陈远看着这个叫狗剩的男孩,看着眼前这片废墟,心里那股压抑的怒火,又慢慢烧了起来。
系统的任务,历史的洪流,文明的脉络……这些宏大的词,在具体的、无辜的鲜血面前,显得那么苍白和冰冷。
他救不了牧野战场上的几十万人,甚至可能也改变不了“三监之乱”的走向。但眼前这个孩子……
“狗剩,”陈远站起身,伸出手,“跟我走。”
狗剩抬起头,怯生生地看着他,又看了看周围的废墟,眼睛里满是茫然和恐惧。
“留在这里,会饿死,或者被狼叼走。”陈远声音不大,但很清晰,“跟我走,我带你去找条活路。”

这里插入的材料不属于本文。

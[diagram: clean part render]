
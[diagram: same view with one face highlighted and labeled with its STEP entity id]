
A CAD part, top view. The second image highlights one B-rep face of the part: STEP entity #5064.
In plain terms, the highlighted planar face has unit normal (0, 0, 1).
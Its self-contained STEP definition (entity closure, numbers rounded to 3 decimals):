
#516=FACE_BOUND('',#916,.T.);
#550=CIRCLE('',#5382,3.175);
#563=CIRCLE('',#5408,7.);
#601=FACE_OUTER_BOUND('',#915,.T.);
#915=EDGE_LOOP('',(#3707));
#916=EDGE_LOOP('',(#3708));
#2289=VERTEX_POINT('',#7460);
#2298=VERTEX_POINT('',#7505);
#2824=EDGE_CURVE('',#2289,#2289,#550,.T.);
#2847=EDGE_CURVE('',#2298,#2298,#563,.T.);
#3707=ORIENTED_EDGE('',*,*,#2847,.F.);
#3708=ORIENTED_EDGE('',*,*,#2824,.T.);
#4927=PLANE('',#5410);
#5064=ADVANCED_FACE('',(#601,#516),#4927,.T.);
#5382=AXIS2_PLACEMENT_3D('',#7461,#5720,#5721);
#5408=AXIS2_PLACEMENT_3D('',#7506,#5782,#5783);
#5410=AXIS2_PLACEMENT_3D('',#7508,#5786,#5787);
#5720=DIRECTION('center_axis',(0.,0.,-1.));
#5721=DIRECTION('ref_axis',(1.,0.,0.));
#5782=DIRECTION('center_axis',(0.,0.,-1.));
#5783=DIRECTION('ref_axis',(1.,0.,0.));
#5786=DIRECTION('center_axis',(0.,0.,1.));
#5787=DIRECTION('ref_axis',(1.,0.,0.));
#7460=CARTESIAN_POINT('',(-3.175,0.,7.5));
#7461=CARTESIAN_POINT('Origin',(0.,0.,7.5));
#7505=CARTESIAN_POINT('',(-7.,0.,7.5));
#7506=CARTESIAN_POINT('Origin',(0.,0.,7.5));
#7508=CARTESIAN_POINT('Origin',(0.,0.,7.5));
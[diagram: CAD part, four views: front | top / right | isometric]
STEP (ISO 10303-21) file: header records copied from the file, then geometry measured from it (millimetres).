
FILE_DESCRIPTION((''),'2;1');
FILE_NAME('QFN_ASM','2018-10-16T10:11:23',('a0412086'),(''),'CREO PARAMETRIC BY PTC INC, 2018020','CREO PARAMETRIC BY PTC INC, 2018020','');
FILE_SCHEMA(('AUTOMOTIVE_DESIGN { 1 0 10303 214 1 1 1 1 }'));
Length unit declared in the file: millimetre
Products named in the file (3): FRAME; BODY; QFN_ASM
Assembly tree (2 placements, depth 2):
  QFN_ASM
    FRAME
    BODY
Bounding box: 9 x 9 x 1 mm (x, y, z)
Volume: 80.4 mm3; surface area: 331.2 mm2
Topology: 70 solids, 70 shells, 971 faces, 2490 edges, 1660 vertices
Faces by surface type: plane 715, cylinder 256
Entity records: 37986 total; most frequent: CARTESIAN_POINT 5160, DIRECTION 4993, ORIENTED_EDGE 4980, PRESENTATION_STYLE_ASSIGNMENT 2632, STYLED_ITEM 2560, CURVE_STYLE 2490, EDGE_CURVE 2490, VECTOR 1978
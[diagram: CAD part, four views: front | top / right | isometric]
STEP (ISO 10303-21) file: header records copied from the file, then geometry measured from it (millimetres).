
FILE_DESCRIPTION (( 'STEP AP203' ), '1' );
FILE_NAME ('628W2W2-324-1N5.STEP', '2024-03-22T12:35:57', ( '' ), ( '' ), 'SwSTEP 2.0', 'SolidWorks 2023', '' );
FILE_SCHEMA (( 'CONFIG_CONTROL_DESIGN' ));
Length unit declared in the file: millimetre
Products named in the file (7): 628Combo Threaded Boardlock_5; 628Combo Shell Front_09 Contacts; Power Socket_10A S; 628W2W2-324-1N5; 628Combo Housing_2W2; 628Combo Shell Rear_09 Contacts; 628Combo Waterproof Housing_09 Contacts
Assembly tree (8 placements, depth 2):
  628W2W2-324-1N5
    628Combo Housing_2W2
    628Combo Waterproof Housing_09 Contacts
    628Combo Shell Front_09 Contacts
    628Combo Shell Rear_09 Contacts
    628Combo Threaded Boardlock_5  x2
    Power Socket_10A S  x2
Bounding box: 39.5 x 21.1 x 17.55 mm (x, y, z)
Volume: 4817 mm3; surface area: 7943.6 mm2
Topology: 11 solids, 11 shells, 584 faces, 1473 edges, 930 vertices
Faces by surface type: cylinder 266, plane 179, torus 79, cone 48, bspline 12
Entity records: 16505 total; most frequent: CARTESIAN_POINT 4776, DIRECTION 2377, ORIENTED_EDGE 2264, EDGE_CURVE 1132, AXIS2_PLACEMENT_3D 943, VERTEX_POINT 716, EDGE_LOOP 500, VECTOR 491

狗剩犹豫了很久,看看陈远,又看看怀里已经僵硬的母鸡,最终,慢慢松开了手,把死鸡轻轻放在地上,然后伸出脏兮兮的小手,抓住了陈远的手指。
他的手很冰,还在发抖。
陈远握紧了他的手,把他拉起来。
“我们得在天黑前离开这里。”陈远说,带着狗剩往村外走,“去朝歌。”
狗剩猛地停下脚步,脸上血色褪尽:“朝……朝歌?不……不去……那些坏人……就是朝歌来的……”
“正因为是朝歌来的,才更要去。”陈远看着东方,那里是朝歌的方向,也是夕阳沉落的方向,天际一片暗红,像凝固的血。
“有些账,得去那里算。”
他牵着狗剩,走出了死寂的村庄,重新踏上了那条满是车辙和血痕的小路。
身后,废墟渐渐被暮色吞没。
前方,通往朝歌的路,在渐浓的夜色里,蜿蜒向不可知的深渊。